Things start off running fairly OK except that the Android device keeps reporting a larger and larger window size, until it hits what is apparently its limit at 522176 bytes (1/2 MB!) around packet number 658. Then it starts sending [TCP Window Update] packets at packet number 698. Then everything goes horribly wrong, with long delays of approx. 300 ms. again and again.
So then I realize that the problem is presumably something as banal as my Android app not being able to process the incoming messages as fast as they're arriving, so the input buffer fills up. I've tried running a cpu profiler (Google's Traceview), and if I'm interpreting the results correctly, the Android device is running with 100% cpu time, partly in my app, partly in Java NIO, partly doing garbage collection, plus some other minor things.
I'll change my test programs (PC and Android) to use fewer and larger messages, and see if that doesn't fix, or at least significantly alleviate, the performance problem.
Amato_C: First off, sorry for not having seen the comment you posted yesterday, before I posted my last comment.
And thank you very much for your time.
This is driving me CRAZY.
I changed my test programs, and now the Android app is not cpu-bound, and it no longer reports increasing window size in the ACKs - the window size now varies between 25 and 29 KB.

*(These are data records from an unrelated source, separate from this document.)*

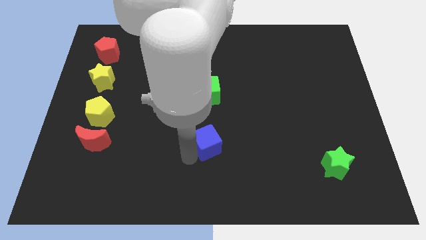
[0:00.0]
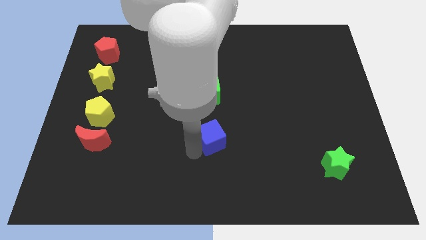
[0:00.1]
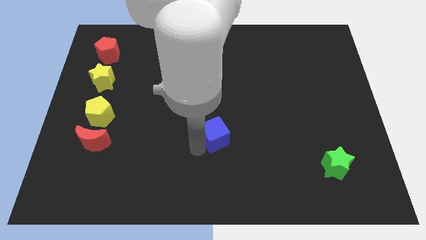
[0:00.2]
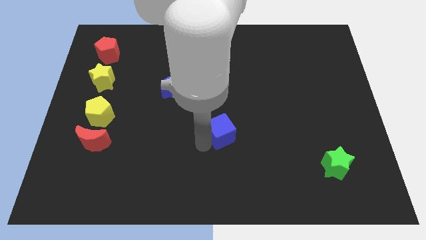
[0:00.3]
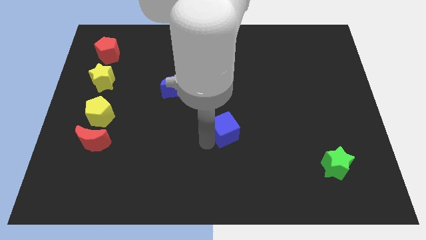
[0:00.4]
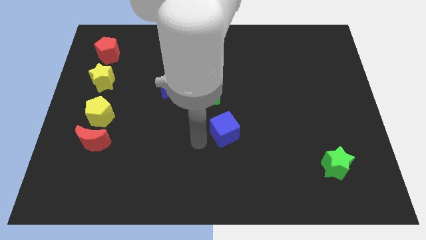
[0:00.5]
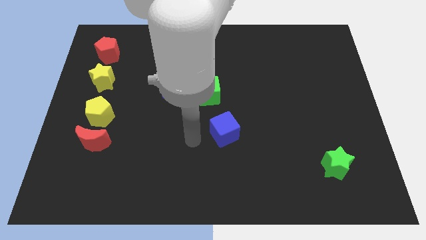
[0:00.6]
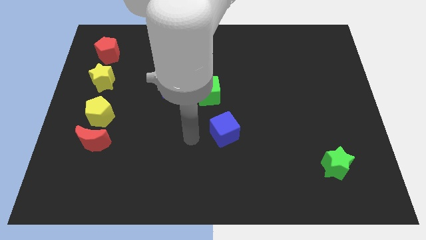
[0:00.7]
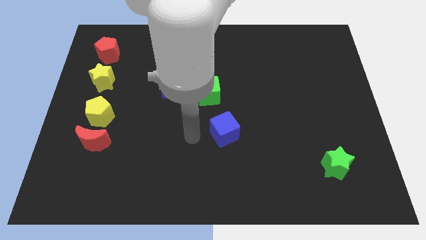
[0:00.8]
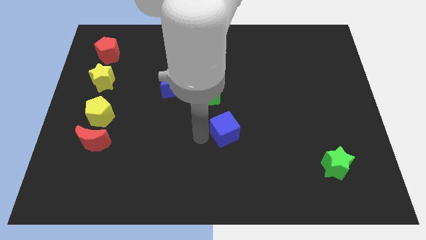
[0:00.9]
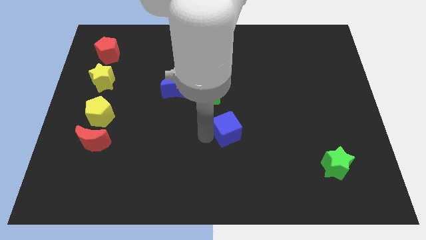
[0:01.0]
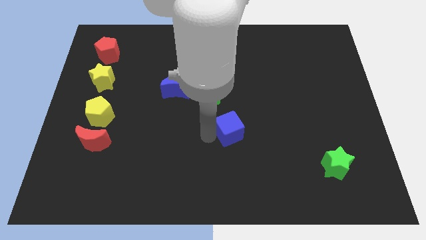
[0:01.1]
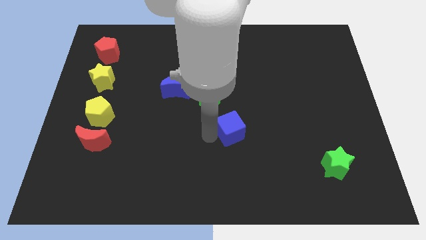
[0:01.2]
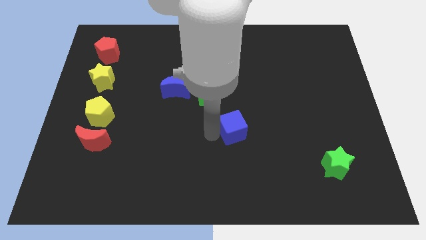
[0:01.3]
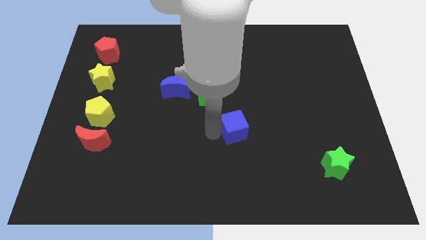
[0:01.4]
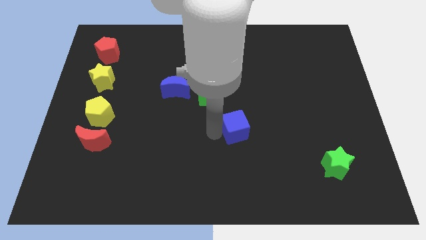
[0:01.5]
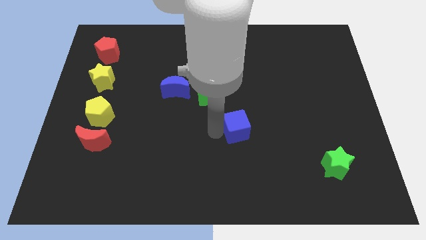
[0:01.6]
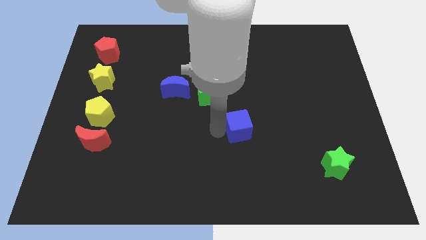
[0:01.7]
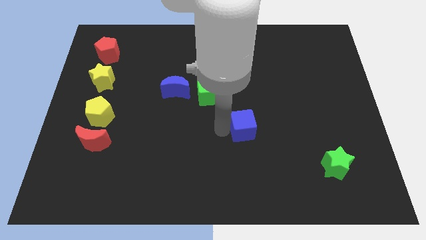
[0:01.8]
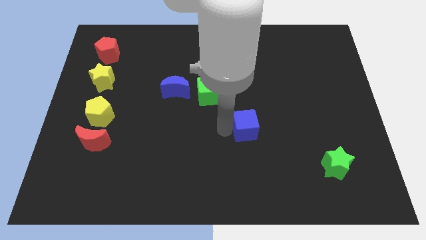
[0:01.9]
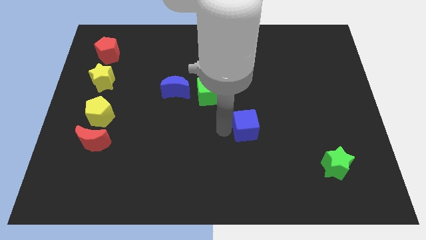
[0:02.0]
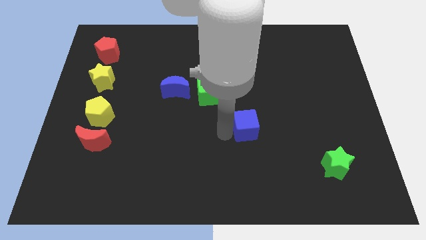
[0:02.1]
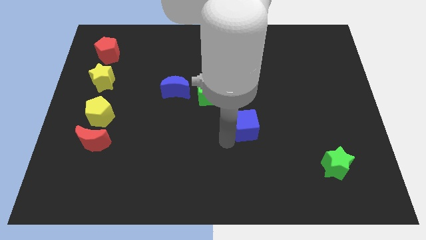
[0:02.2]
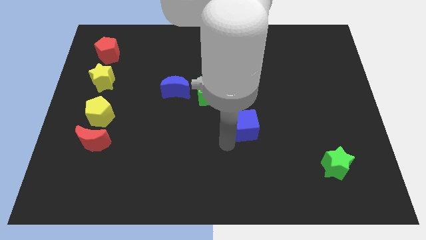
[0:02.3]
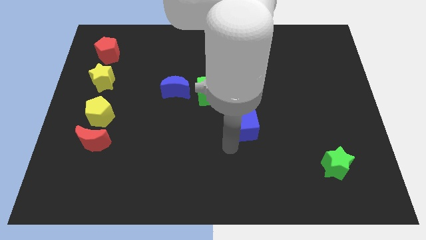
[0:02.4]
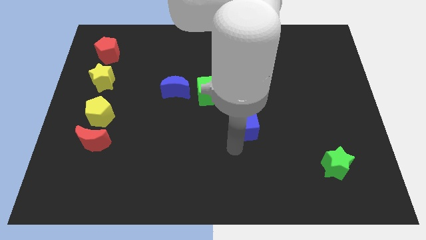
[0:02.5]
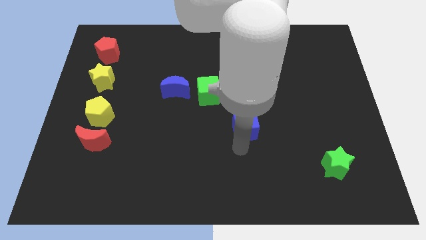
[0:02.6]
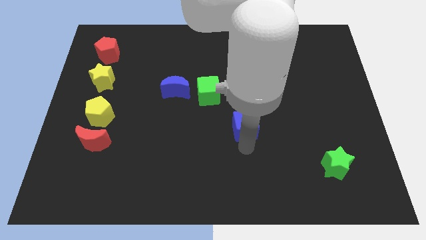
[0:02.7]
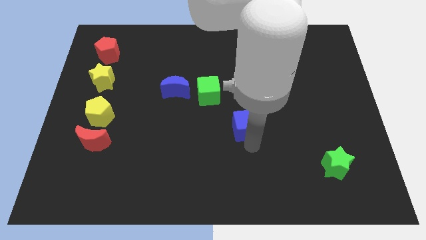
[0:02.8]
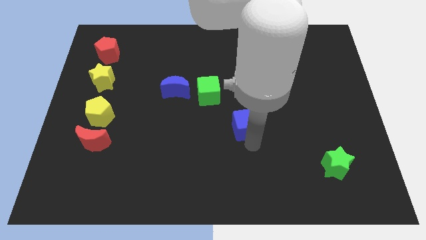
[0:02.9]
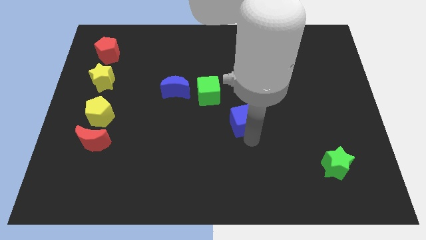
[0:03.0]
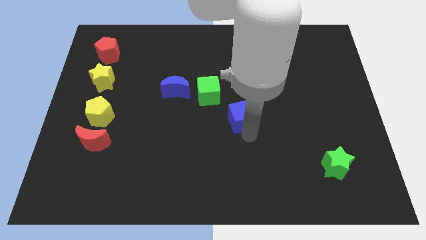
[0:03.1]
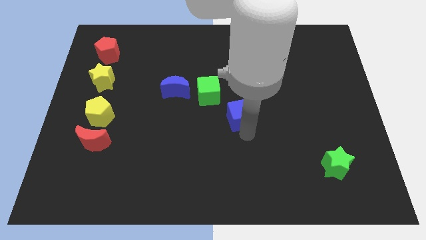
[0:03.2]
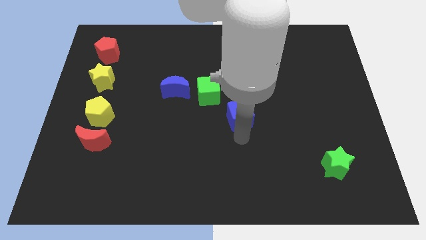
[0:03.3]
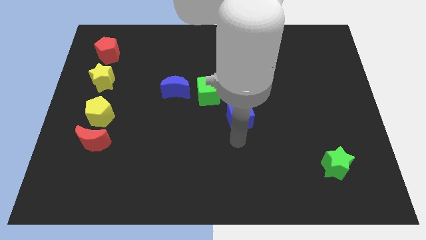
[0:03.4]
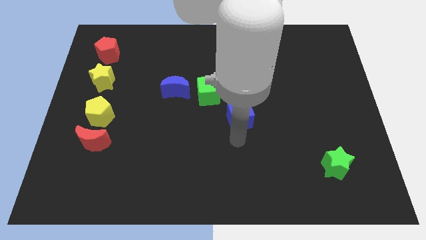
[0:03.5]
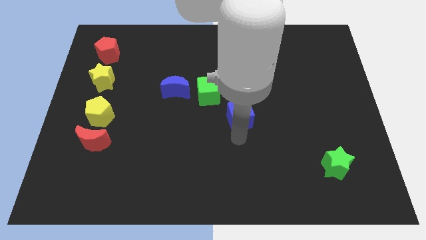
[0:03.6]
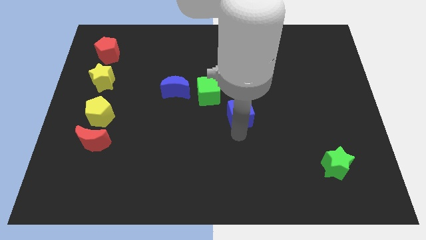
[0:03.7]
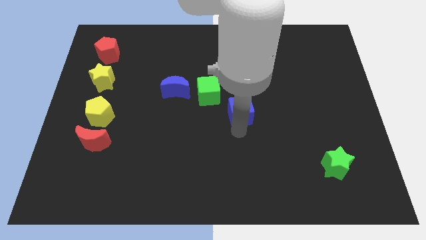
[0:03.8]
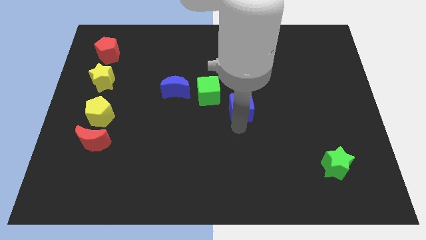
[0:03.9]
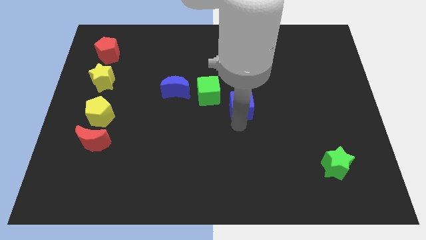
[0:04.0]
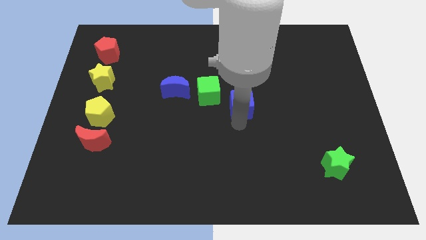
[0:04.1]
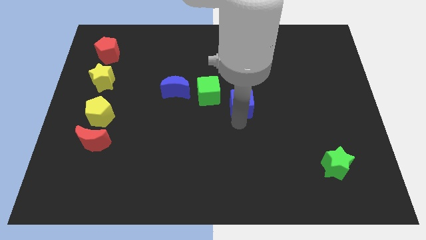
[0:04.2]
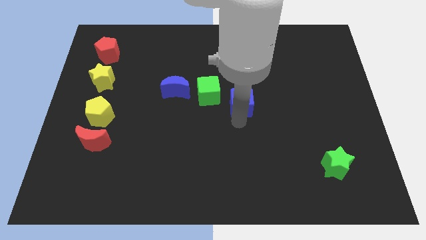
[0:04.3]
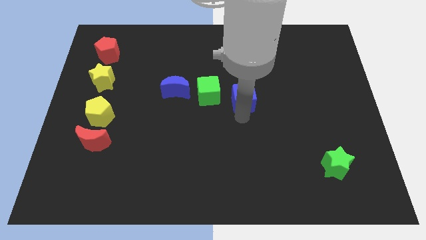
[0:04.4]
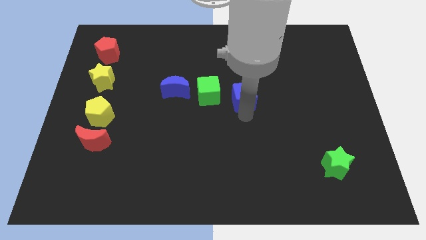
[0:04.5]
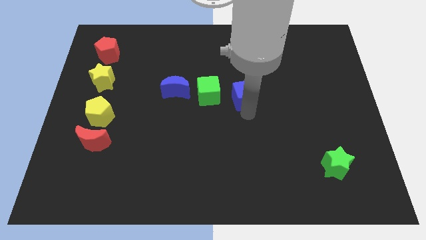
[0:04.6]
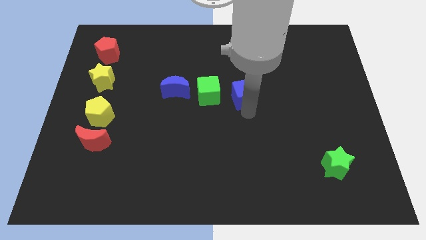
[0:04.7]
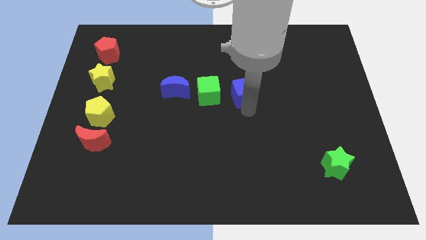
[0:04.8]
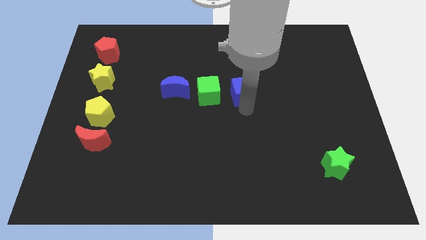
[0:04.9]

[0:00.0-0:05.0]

But the performance problem remains. Throughput is miserable, and there are many, many 300 ms. pauses.
As for your recommendations:
WiFi router - Fragmentation threshold = 2346 - yes.
WiFi router - RTS Threshold = 2347 - no, it was also 2346. I changed it to 2347 but that didn't seem to change anything.
Android device - change the WiFi network to 5GHz. - I don't see any setting like that on the two Android devices I'm playing with.
I've uploaded another Wireshark log.
https://www.cloudshark.org/captures/07005a922a42
One thing I think I'm seeing is that as long as the PC is sending packets of 1514 bytes (Len=1448) things are marching along OK. But as soon as the PC sends a packet larger than 1514 things go wrong.
For example, packets numbers 286, 288, 290 and 292 are accepted OK, Then packet 294 is larger than 1514 bytes, and this causes Dup ACKs and a retransmission (packet 302).
And about packet 302, it's apparently a retransmission of packet 294 (Seq=206001), but it's only half the size????
I'd really appreciate it if you have any new suggestions, thanks.
"But as soon as the PC sends a packet larger than 1514 things go wrong. " Well, as posted in your initial thread my suggestion is to turn off TCP Segmentation Offload if this is causing you problems in the communication towards the android device
@mrEEde Yes, I think the same.
Thaks again to all who answered. I've apparently been going around in circles despite having been given a correct suggestion by @mrEEde a couple of days ago. (But I've certainly learned a lot about TCP and Wireshark, so that's good.)